* _Exercise_
The records that follow are to be printed exactly, with no images.

Extracted data entries
====================
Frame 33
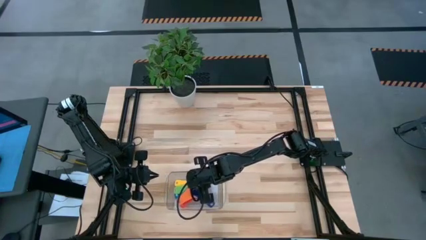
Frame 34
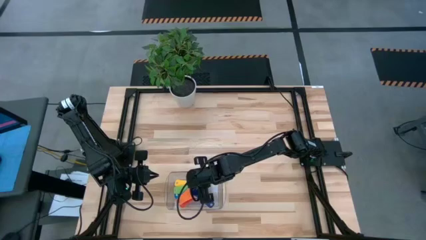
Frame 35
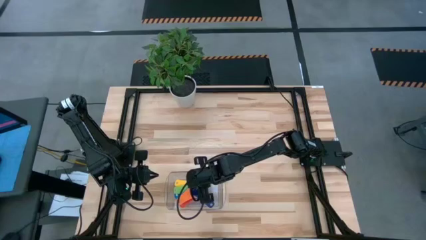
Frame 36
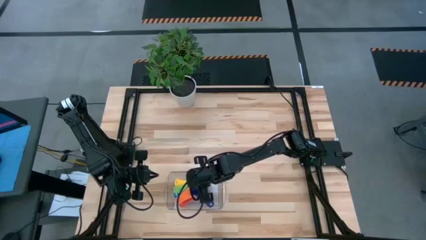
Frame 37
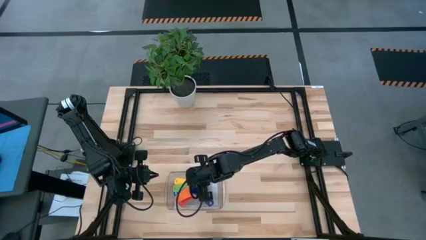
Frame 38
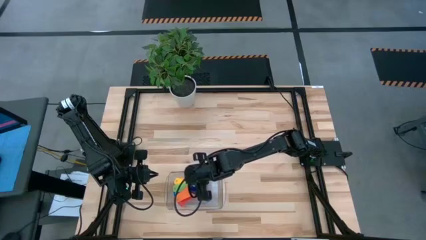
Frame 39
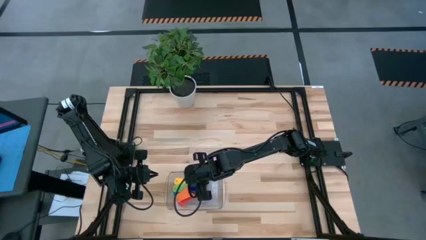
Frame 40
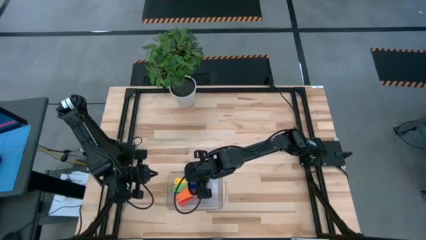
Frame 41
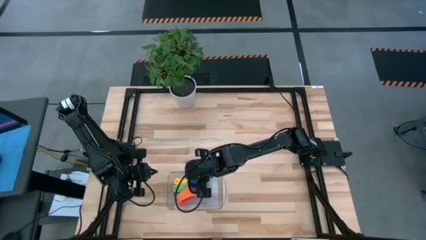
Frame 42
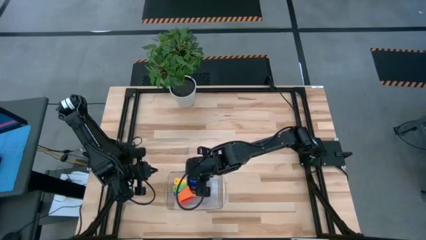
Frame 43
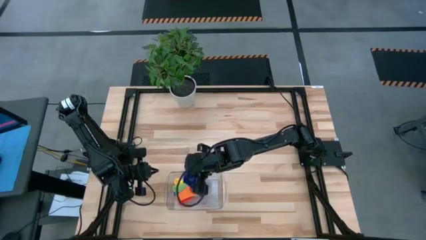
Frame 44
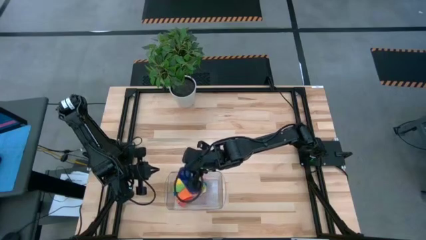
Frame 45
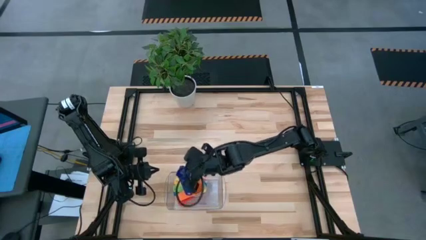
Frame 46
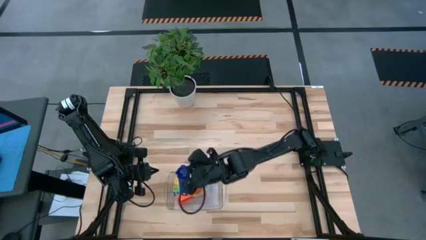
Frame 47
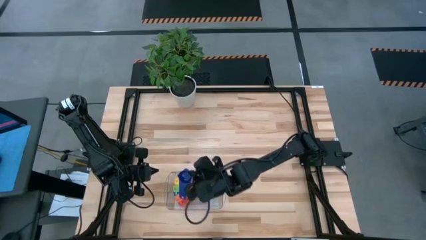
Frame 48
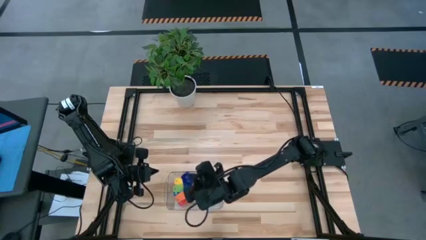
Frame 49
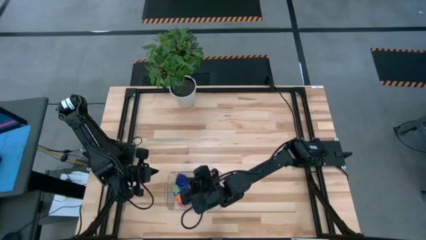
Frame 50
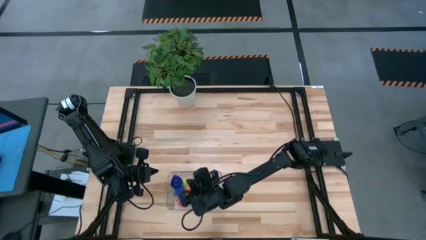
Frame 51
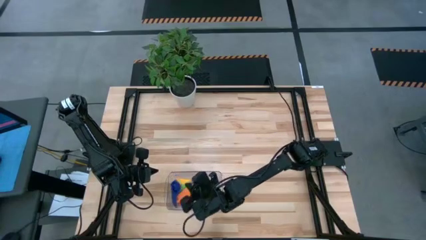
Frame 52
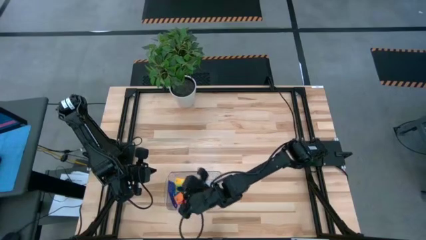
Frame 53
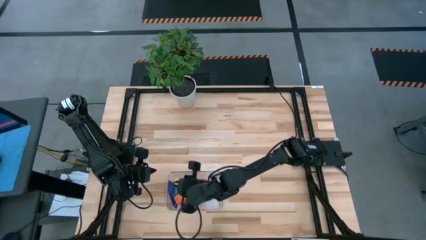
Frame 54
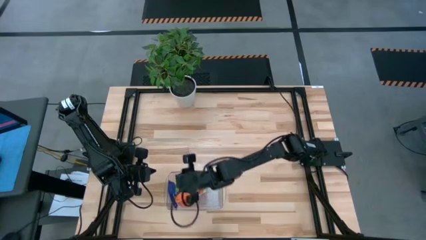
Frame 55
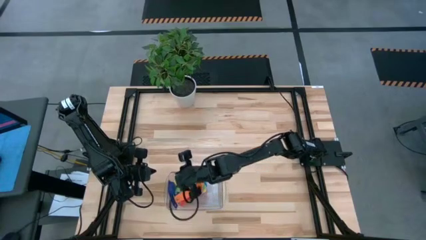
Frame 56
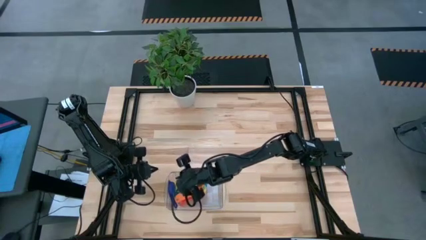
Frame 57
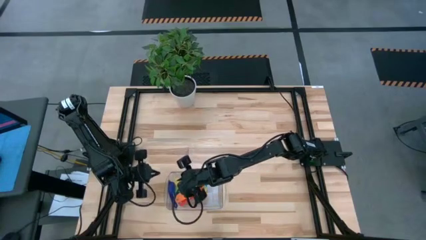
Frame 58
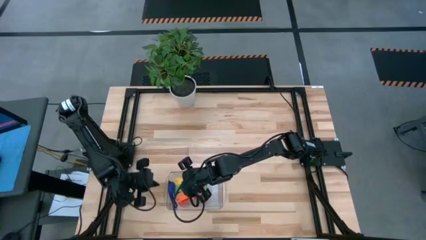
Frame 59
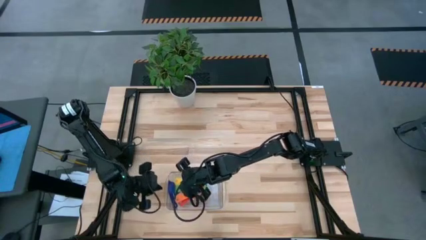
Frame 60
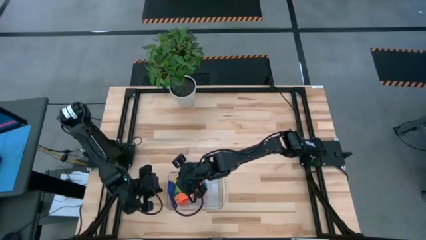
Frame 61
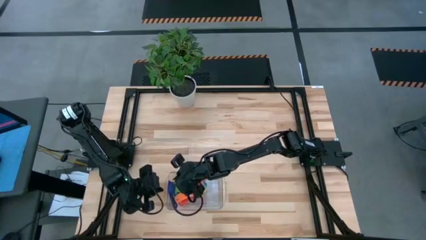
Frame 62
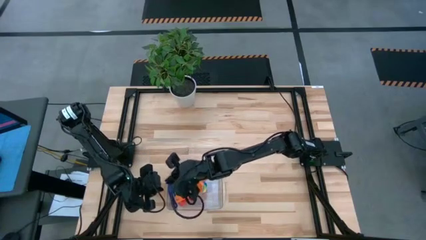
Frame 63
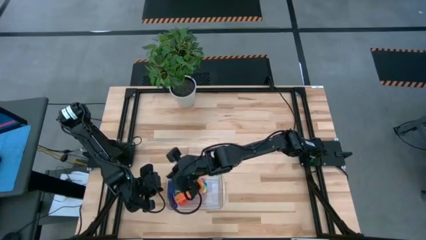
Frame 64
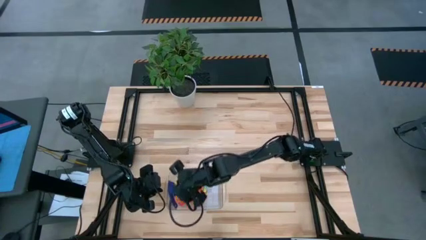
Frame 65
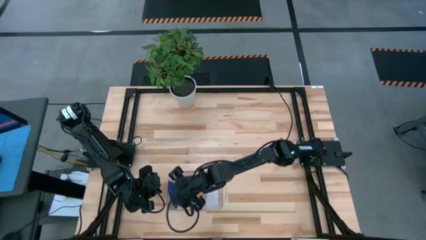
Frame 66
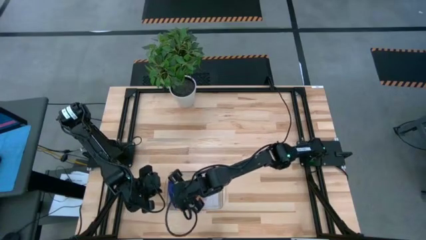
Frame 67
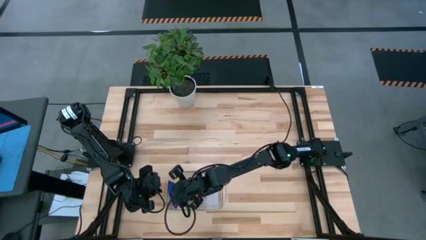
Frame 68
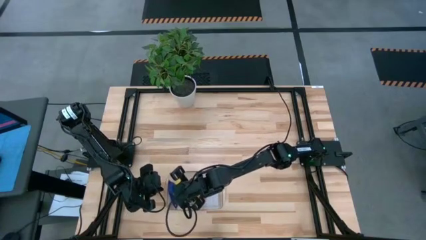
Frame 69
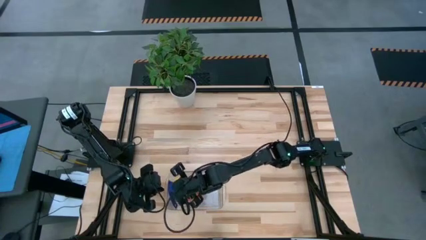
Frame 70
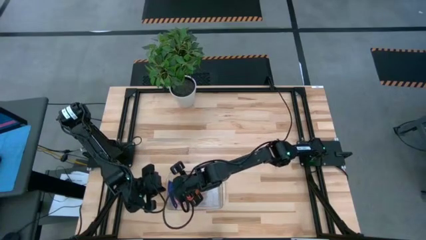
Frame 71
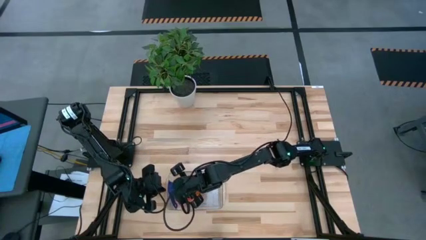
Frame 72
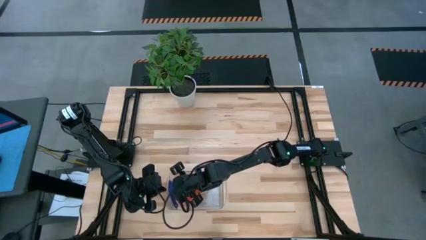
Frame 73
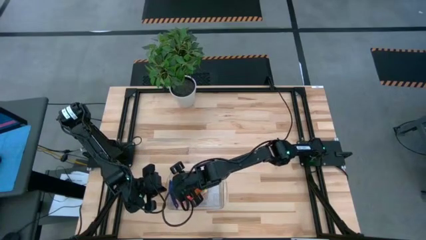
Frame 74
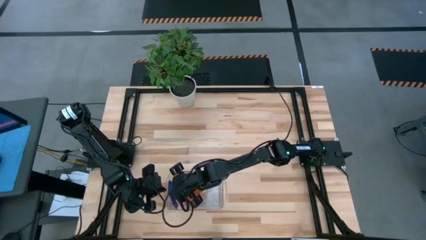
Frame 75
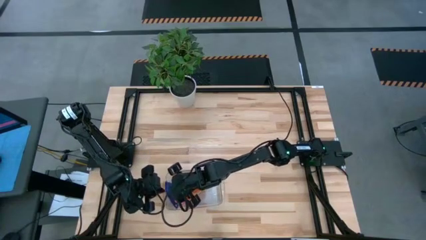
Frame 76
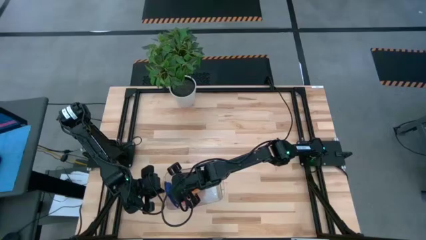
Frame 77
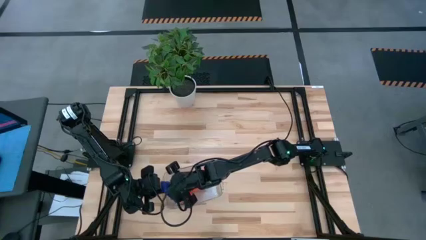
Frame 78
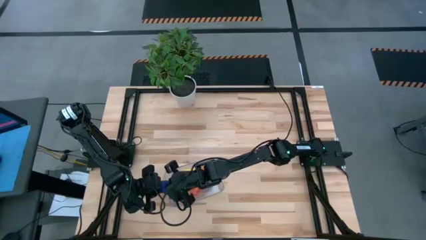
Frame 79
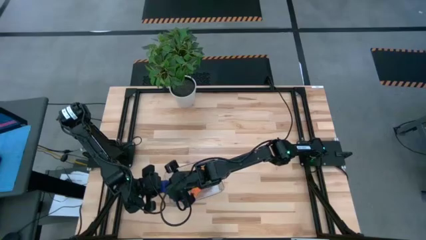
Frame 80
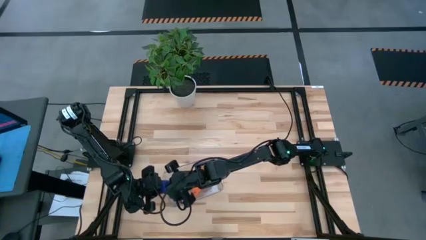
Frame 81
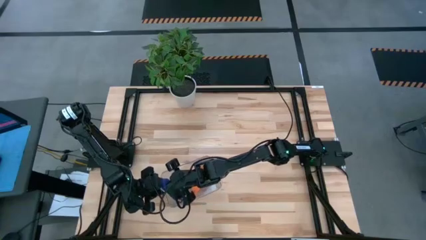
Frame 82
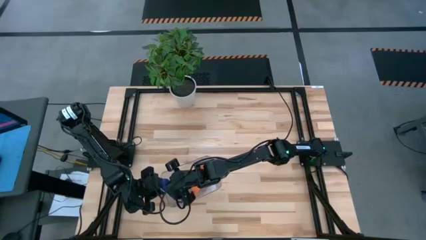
====================
* _Completed task_
Frame 33
Frame 34
Frame 35
Frame 36
Frame 37
Frame 38
Frame 39
Frame 40
Frame 41
Frame 42
Frame 43
Frame 44
Frame 45
Frame 46
Frame 47
Frame 48
Frame 49
Frame 50
Frame 51
Frame 52
Frame 53
Frame 54
Frame 55
Frame 56
Frame 57
Frame 58
Frame 59
Frame 60
Frame 61
Frame 62
Frame 63
Frame 64
Frame 65
Frame 66
Frame 67
Frame 68
Frame 69
Frame 70
Frame 71
Frame 72
Frame 73
Frame 74
Frame 75
Frame 76
Frame 77
Frame 78
Frame 79
Frame 80
Frame 81
Frame 82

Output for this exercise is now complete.